MLB_LogoWith this unprecedented unilateral authority over all athletic competition, rules, leagues, and associations on this planet and any others on which humans may eventually settle and compete, I will institute changes to make sports more enjoyable at all levels. However, in order to foster more interest in all athletic endeavors, my first actions will be to make professional sporting events more enjoyable for fans both at the actual event and watching on television. With this primary goal in mind, I have compiled a list of changes for the major professional leagues that will be addressed one at a time.

Unfortunately, “America’s pastime” is a very fitting description of the game of baseball. It is largely in the past and takes a lot of time. Therefore, my first declaration as All Sports Commissioner of the Known Universe is designed to make this once-great game worthy of primetime broadcast again. I will make the following changes for the 2015 Major League Baseball season:

Officiating

  • Behind the plate umpires calling balls and strikes will be replaced by the virtual strike box that is shown on TV (FoxTrax, PitchTrax, K-Zone, etc.).

ESPN K-Zone

  • Since he does not need to call balls and strikes, the home plate umpire will be repositioned to stand to the side of the catcher, facing the batter so that he may accurately determine if the batter swung at a pitch or successfully checked his swing.
  • Umpires will no longer be allowed to scream back at irate managers like a spoiled little girl whose brother crashed Barbie’s tea party. Either walk away or listen politely. If the manager yells, eject him. Upon ejection, managers must pitch a fit worthy of the “Not Top Ten” or face heavy fines and suspensions.

Length of Games

  • A 12 second pitch clock will start as soon as “ball” or “strike” is displayed on the scoreboard, or when the ball is returned to the pitcher after a batted ball. A ball will be called if a pitcher has not entered his pitching motion when the clock expires. 5 seconds will be added for a throw to a base with a runner but no more than 10 seconds will be added between each pitch.
  • Visits to the mound by managers or catchers will not be permitted. Pitchers, catchers, and, managers will be permitted to wear in-ear radios and microphones to discuss pitch strategy.
  • No on-mound warm up time will be permitted for pitching changes after a half-inning has begun.
  • Batters may not request time or step out of the box once the pitcher is on the rubber. Any pitch thrown while the batter is out of the box will be recorded as a ball or strike.

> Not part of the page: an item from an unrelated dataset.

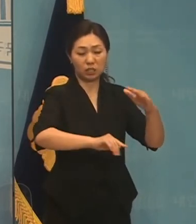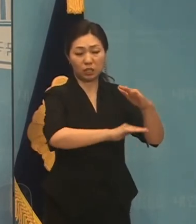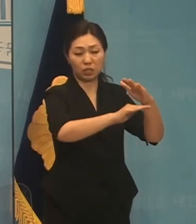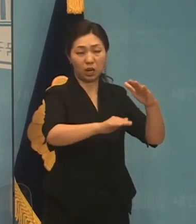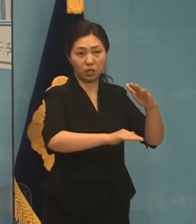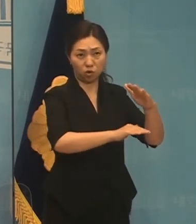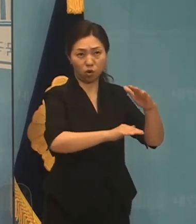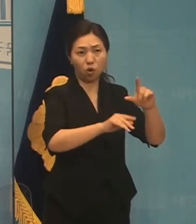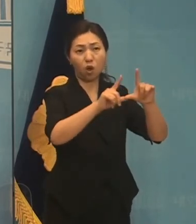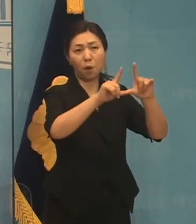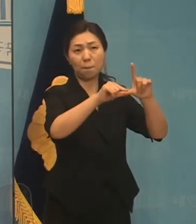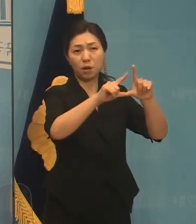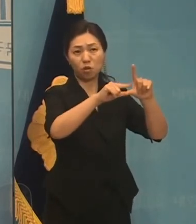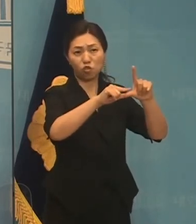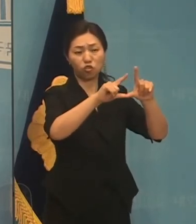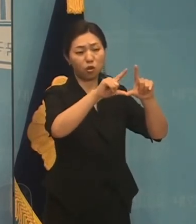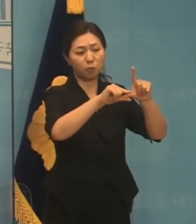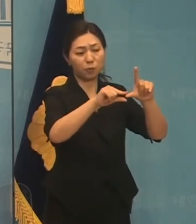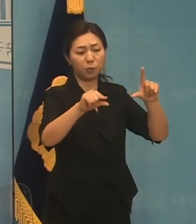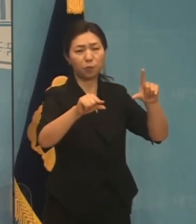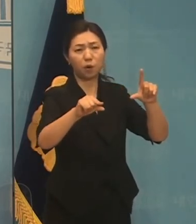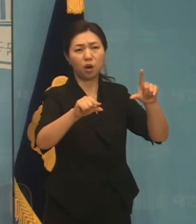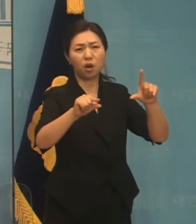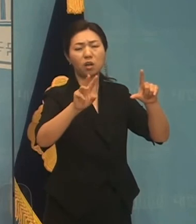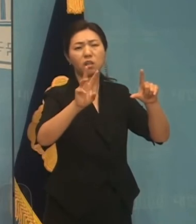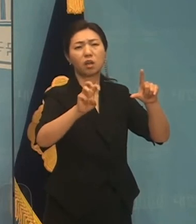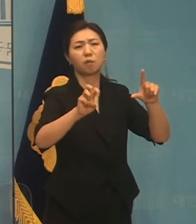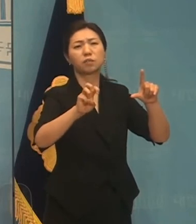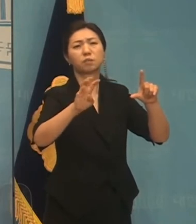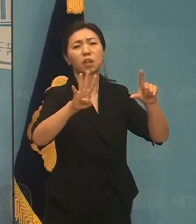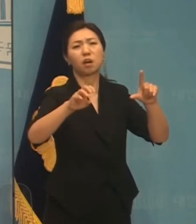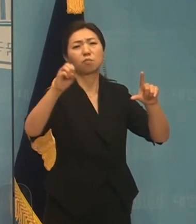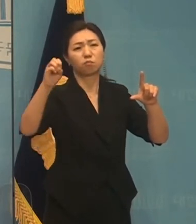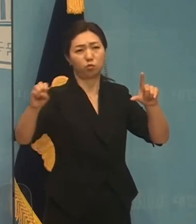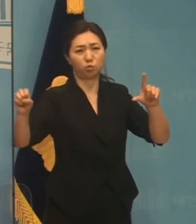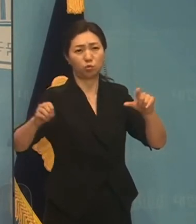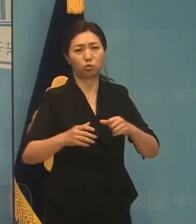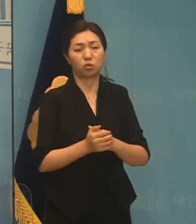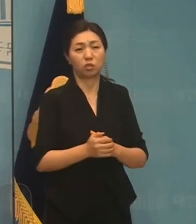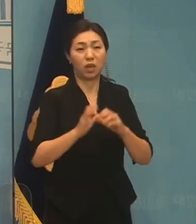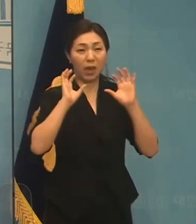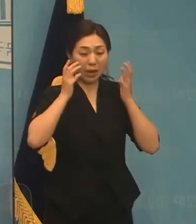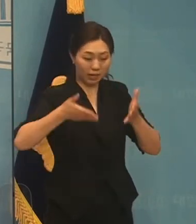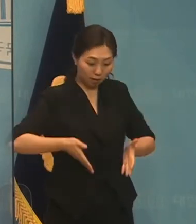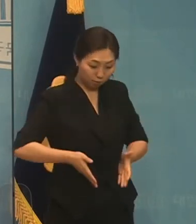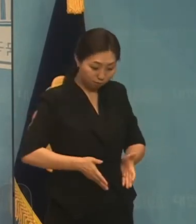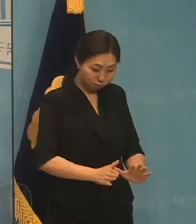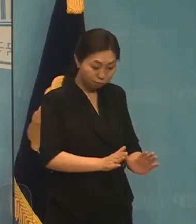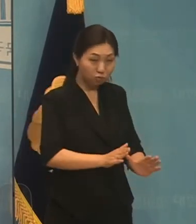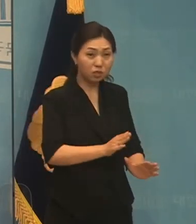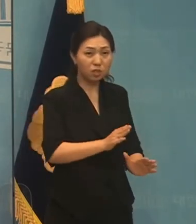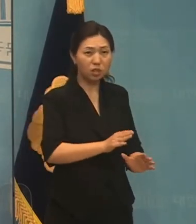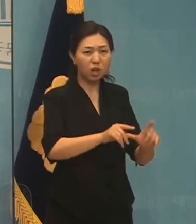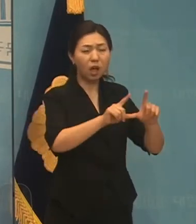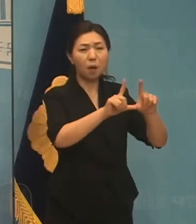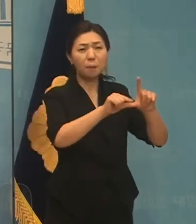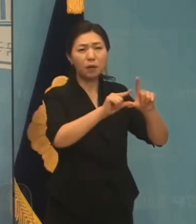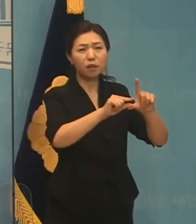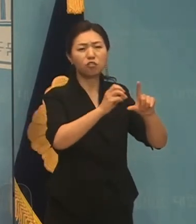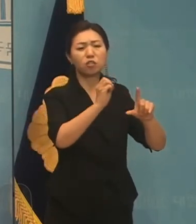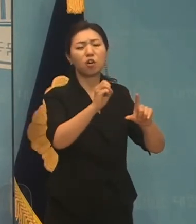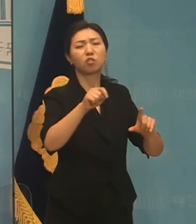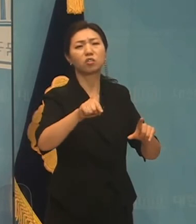33%밖에 안됩니다. 출산율은 0.84m로 떨어졌습니다.

Increased Offensive Production (That’s what we’re paying to see)

  • All teams in both the National and American Leagues will be permitted to utilize as many designated hitters as they wish in their lineups. No one buys tickets to see pitchers, catchers, and 2nd basemen hit routine grounders to pitchers, catchers, and 2nd basemen.
  • I think we can all agree that baseball was much more exciting when Barry Bonds, Sammy Sosa, and Mark McGuire were hitting baseballs so far that TBS was reporting the distances in Astronomical Units. Random testing will be administered to ensure super-human levels of testosterone in designated hitters—players who have the sole responsibility of crushing the ball like Bruce Banner after someone insulted his momma.

Uniforms

  • Opposing teams may not wear the same uniform color. Period.
  • Managers with a Body Mass Index greater than 30 will not be permitted to wear the same uniform as players. During games, obese managers should wear officially licensed, business casual, MLB-branded clothing. During batting practice, they may wear officially licensed MLB athletic gear and run laps around the warning track.

Length of Season

  • The regular season will be cut from 162 games to 124.
  • The MLB playoffs will conclude before Labor Day. Let’s face it—once football starts, no one cares.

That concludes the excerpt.